A extensão das perdas de vidas e bens patrimoniais ainda é desconhecida. De conhecido, apenas a certeza de que, caso não seja alterada a maneira de produzir cidades, com especial atenção à ocupação de montanhas, fundos de vale e margens de cursos d’água, o que ocorreu permanecerá acontecendo nessa e em outras cidades do estado do Rio de Janeiro, assim como em todo o Brasil. Os eventos são cíclicos e só a intensidade e o alcance das perdas, de vidas e bens tendem a aumentar de modo exponencial, revelando porque muito se tem falado em “emergências climáticas” sem o devido planejamento e execução de medidas mitigadoras.
O que de fato foi feito nestes últimos anos, depois das recorrentes tragédias, além do recebimento de vultosos recursos por parte de inúmeras administrações? As ocupações ao longo das margens dos rios deixaram de existir? As margens dos rios foram requalificadas? Paramos de fazer alterações no fluxo dos rios, alterando a drenagem natural? Temos um planejamento urbano e infraestruturas eficazes para o crescimento das cidades? Não, ao contrário. As áreas urbanizadas continuam avançando sobre as encostas, mesmo as mais íngremes, e continuam cada vez mais impermeáveis à drenagem.

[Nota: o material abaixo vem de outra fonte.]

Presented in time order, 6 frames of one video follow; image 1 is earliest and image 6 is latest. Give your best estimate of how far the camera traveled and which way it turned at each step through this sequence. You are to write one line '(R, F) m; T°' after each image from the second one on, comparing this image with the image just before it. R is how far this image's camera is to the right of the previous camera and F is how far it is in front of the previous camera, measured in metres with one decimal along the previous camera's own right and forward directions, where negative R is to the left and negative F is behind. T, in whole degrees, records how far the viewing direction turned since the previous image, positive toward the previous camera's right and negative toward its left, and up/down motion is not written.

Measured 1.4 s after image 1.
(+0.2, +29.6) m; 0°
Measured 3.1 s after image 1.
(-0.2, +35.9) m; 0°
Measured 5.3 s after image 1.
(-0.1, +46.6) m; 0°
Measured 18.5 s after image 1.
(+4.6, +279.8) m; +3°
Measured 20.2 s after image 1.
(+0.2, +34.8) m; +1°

A terra urbanizada, segura, livre de desastres, continua sendo um bem escasso, somente disponível para as camadas mais ricas da população. Para os demais, resta esperar que a chuva não seja muito intensa, sabendo que não restou outra opção a não ser permanecer em áreas de risco. Há uma particularidade em Petrópolis e em toda a Região Serrana onde as casas, independentemente da classe social, encontram-se em encostas passíveis de risco.
A responsabilidade dos eventos danosos a toda a sociedade não pode ser atribuída somente a agentes públicos, mas também ao silêncio e conivência de muitos, que em pouco tempo geram a naturalização dessas catástrofes que aguçam a segregação social.

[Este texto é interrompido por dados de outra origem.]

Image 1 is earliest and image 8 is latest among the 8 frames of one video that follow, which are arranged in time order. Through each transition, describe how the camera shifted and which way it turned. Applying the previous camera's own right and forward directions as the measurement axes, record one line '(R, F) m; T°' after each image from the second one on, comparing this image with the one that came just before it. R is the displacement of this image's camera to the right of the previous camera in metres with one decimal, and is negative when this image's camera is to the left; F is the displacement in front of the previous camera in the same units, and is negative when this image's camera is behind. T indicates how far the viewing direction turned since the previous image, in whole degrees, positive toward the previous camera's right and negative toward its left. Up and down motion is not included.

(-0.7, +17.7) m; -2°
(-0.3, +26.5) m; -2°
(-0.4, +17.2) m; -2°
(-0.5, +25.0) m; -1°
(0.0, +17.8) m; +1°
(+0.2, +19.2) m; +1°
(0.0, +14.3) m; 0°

As entidades e autarquias signatárias deste documento vem a público manifestar sua solidariedade à população e a cidade de Petrópolis, além de propor ações concretas que possam colaborar com a transformação dessa triste realidade em que estamos inseridos como sociedade.
A revisão do Plano Diretor, ora em curso, deve:
- Criar uma política pública preventiva, através da regulamentação e da implementação efetiva do Sistema de Defesa da Cidade, integrado ao Sistema de Planejamento e Gestão Urbana;
- Determinar a elaboração de planos de contingência;
- Indicar claramente quais são as áreas de risco, incluindo-as em um cadastro nacional, levando em consideração o plano de riscos do município elaborado em 2017;
- Garantir a realização de monitoramento contínuo e sistemático;
- Prever mecanismos, instrumentos e recursos para provisão de habitação e implementação de programas de melhorias habitacionais para quem precisa e não tem como arcar com os preços praticados pelo mercado;
- Orientar o crescimento urbano para áreas que não ofereçam risco à população.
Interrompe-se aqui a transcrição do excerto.